Maybe I'm jumping ahead to "what are the options?" before getting the data, but it seems to me like there are basically 4 options for whether and how to capture public domain statements:
1. No change: Don't add "this is in the public domain" statements to the license list. People can use LicenseRef's if they want.
Pro: Maintains the current approach that the License List is for licenses with specific text.
Con: Doesn't solve the problem people are having, with wanting to represent public domain statements generally with a common identifier.

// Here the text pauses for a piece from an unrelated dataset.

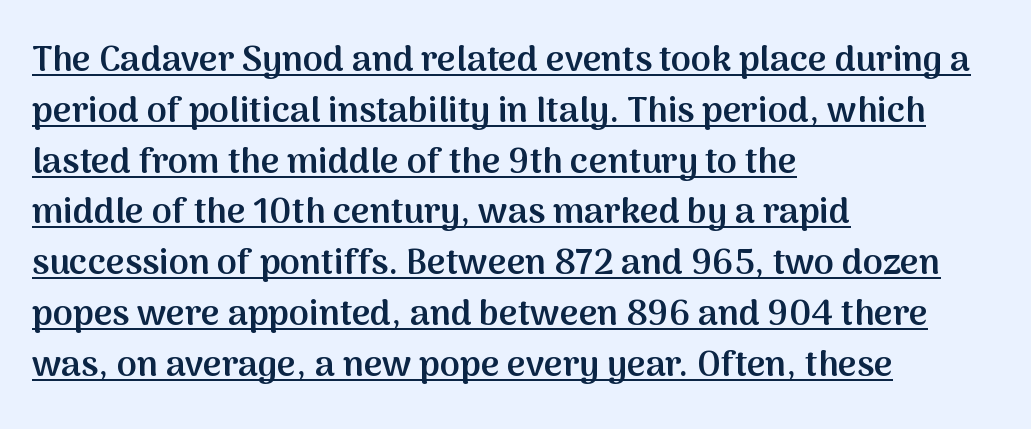
If you drew a ruler down the left edge, every line would touch it. No italicization has been applied; the sample stays upright. Tracking here is standard; glyphs follow each other at the usual distance. The passage shown is typeset with a sans-serif family. Heft: intermediate — a semibold. Vertical spacing — default.
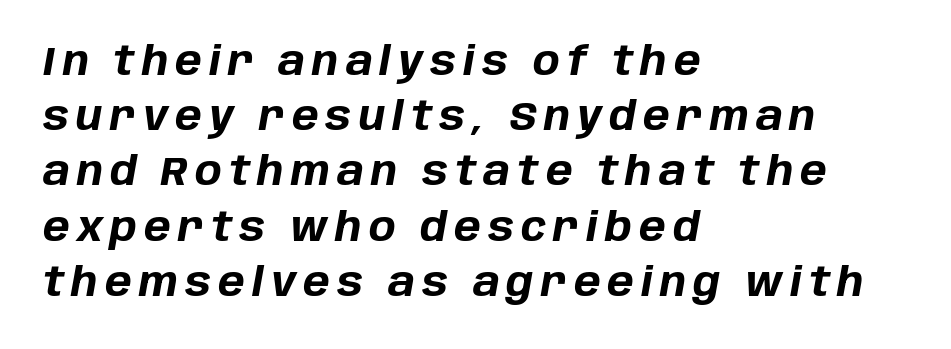
The image shows 40 px bold type, italic (leaning right); set left-aligned, normal line spacing (1.38x), not underlined; low stroke contrast and a large x-height.

2. Add a category ID to the spec: Alongside NONE and NOASSERTION as values defined in the SPDX spec, add PUBLIC-DOMAIN as another option defined in the spec rather than on the license list. Unlike NONE and NOASSERTION, PUBLIC-DOMAIN would presumably be useable in complex expressions (e.g. MIT AND PUBLIC-DOMAIN).
Pro: Provides a general identifier for public domain statements. Also maintains the current approach that the License List is for licenses with specific text.
Con: We're frankly too late to get this in as a substantive change for the SPDX 2.3 spec.
3. Add a category ID to the license list: Rather than changing the spec, add a category ID for "Public-Domain" (or similar) to the License List. Modify the license list schema somehow to indicate that this ID is meant to represent the collection of texts stating that a work is in the public domain, rather than one specific text.
Pro: Wouldn't be tied to a change to the spec. Would probably represent the way that most human users tend to think about public domain statements.
Con: Breaks expectations about all other License List entries, that they are tied to a particular text. Might also have implications for the SPDX spec that aren't coming to mind at the moment.
4. Add each statement individually: Add Public-Domain-1, Public-Domain-2, ... to the License List as separate entries, to capture every non-matching representation that we run into to say "this is in the public domain".
Pro: Maintains the current approach that the License List is for licenses with specific text.
Con: Get ready for 700 new Public Domain entries on the license list :) Probably becomes unwieldy for humans to meaningfully make use of this.
Definitely open to other options, but these are the ones that come to mind offhand. (And the above is intentionally ignoring public domain dedications that really do have a set standard text, such as CC-PDDC.)
Personally, if we weren't about to have SPDX 2.3 released imminently, I'd probably lean towards option 2. Given that it is about to be released, I could be persuaded to consider option 3, though I suspect we would need significant input from the tooling community as to whether this breaks too many current expectations on their side.
Steve